*EXCERPTED RECORDS*.
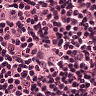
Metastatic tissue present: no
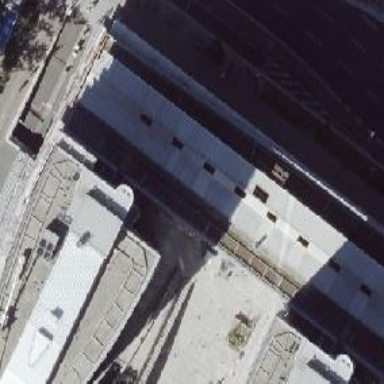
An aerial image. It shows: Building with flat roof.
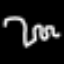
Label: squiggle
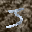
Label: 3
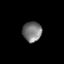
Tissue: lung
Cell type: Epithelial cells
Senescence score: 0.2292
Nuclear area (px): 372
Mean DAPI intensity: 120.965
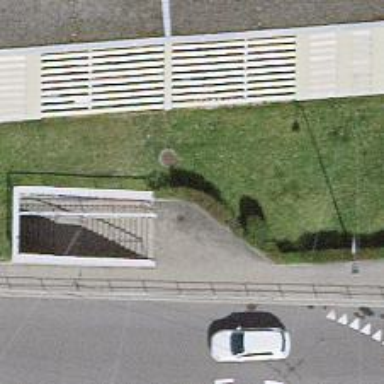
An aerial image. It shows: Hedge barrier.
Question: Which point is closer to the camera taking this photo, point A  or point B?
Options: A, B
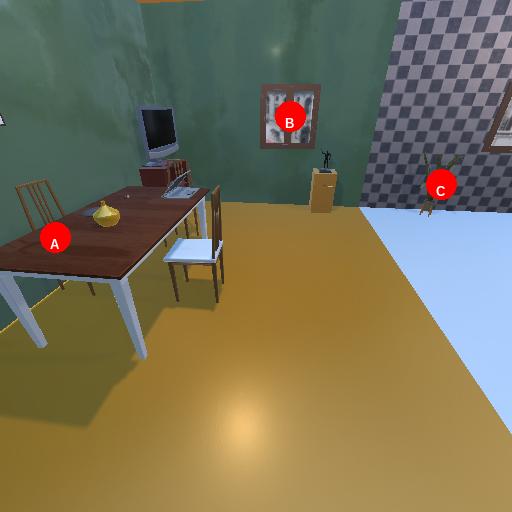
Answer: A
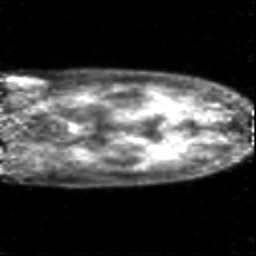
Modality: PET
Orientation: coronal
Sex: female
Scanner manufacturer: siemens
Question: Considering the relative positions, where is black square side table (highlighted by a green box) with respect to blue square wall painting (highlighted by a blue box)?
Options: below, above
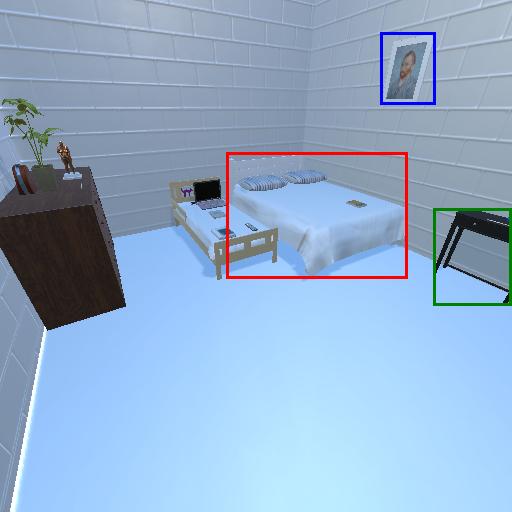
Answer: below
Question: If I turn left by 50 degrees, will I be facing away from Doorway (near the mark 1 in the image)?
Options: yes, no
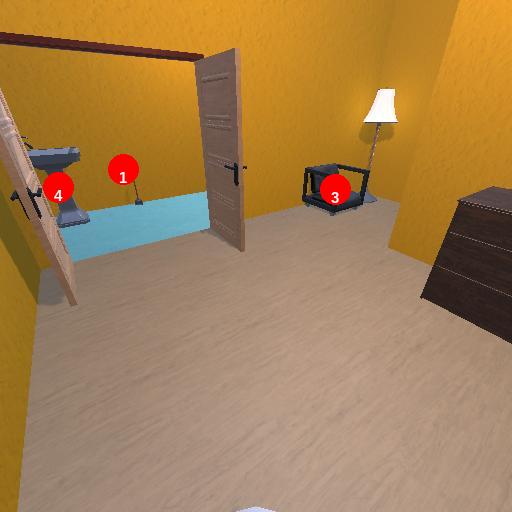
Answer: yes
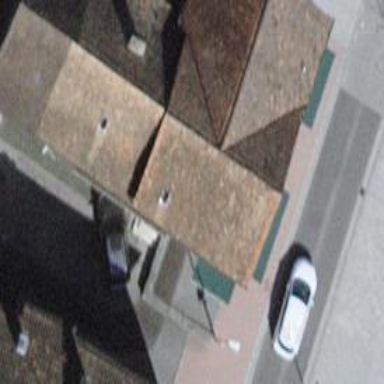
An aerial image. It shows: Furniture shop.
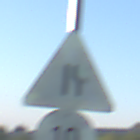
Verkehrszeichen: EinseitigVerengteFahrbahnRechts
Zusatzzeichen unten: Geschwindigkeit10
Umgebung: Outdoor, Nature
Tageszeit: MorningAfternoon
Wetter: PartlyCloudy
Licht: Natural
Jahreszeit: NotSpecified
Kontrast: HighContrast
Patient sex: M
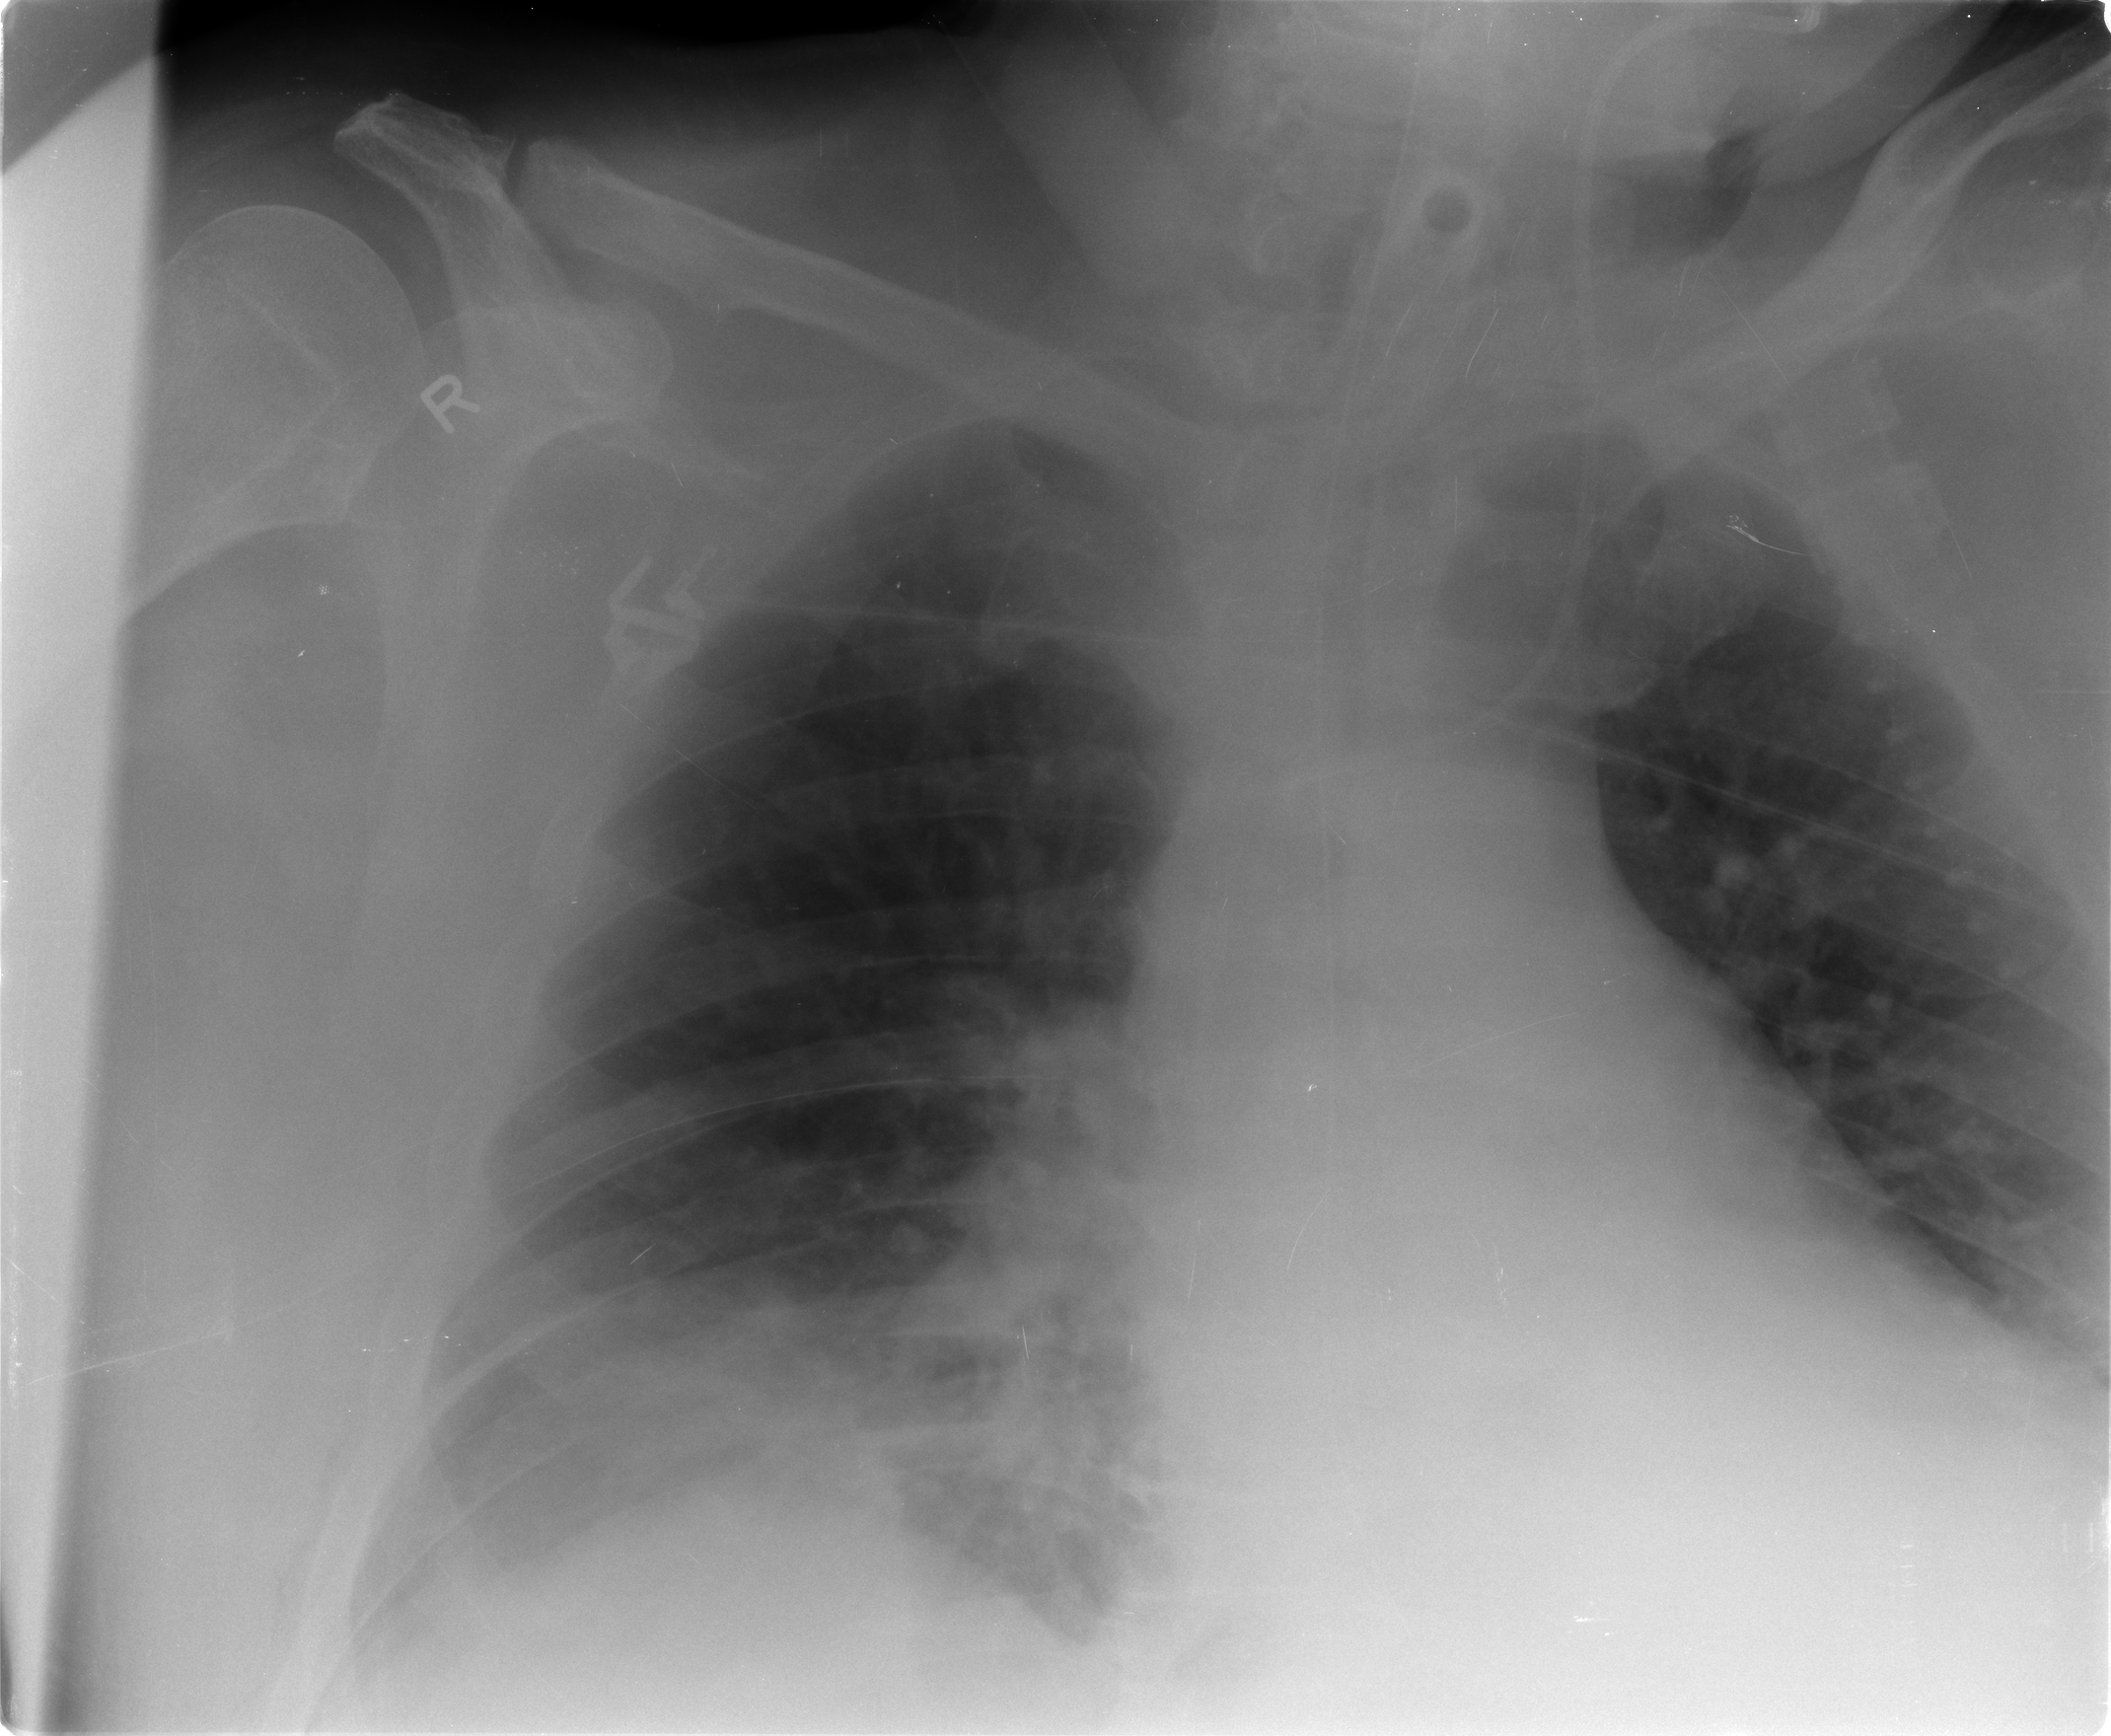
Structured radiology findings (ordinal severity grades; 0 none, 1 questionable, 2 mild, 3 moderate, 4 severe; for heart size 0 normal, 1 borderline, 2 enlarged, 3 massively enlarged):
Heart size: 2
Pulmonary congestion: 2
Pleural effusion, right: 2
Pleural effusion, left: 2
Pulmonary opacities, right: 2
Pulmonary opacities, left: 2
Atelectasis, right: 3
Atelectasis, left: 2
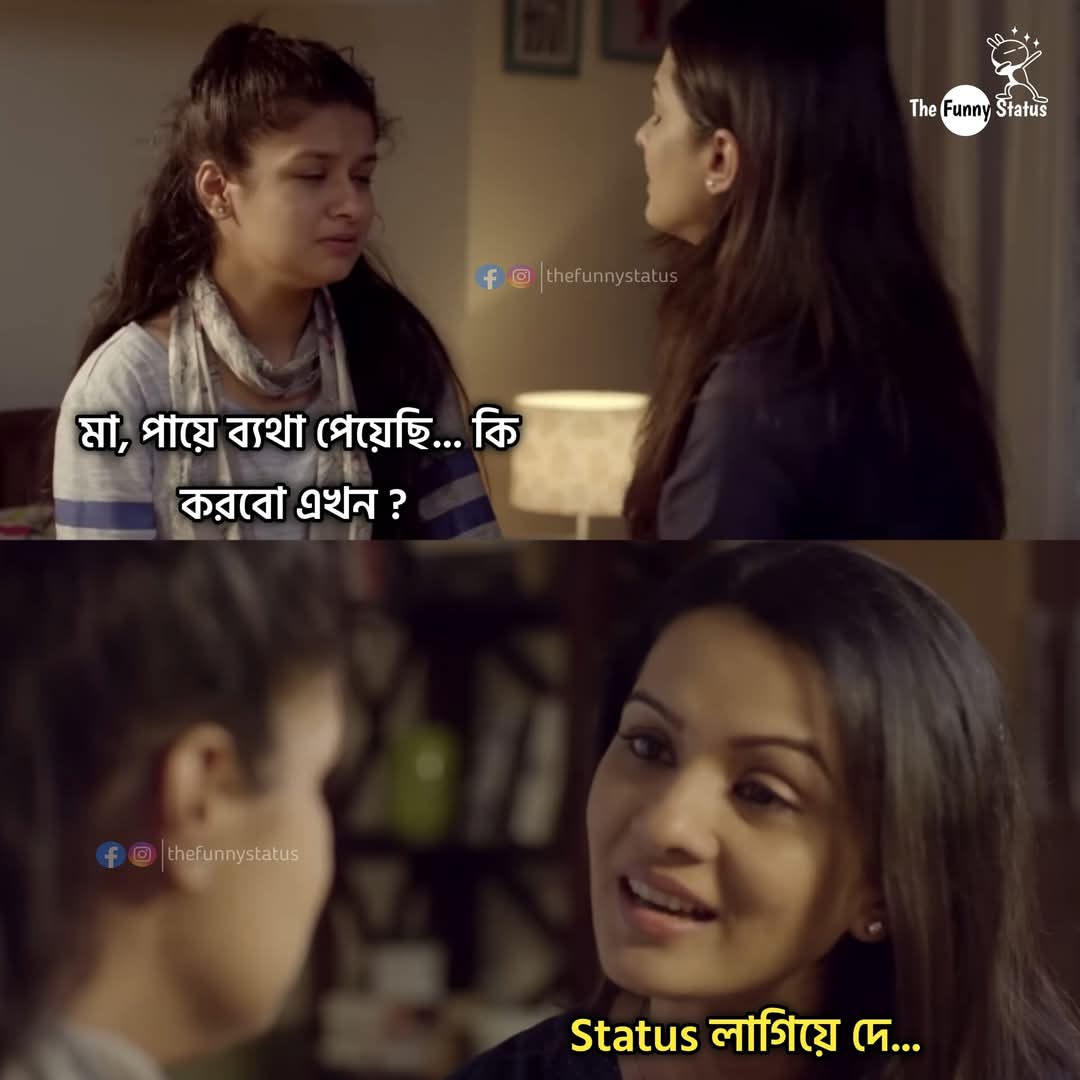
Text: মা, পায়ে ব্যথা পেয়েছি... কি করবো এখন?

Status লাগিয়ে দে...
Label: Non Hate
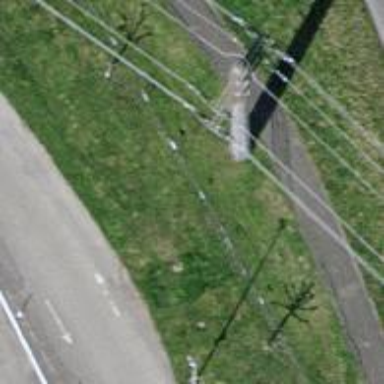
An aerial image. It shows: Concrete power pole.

*YOUR INSTRUCTIONS*. Quote the data above exactly from the line with "An aerial image. It shows: Building" to the line with "An aerial image. It shows: Hedge barrier.", both ends counted, and nothing else. Pictures don't go in.

*EXPECTED ANSWER*.
An aerial image. It shows: Building with flat roof.
Label: squiggle
Label: 3
Tissue: lung
Cell type: Epithelial cells
Senescence score: 0.2292
Nuclear area (px): 372
Mean DAPI intensity: 120.965
An aerial image. It shows: Hedge barrier.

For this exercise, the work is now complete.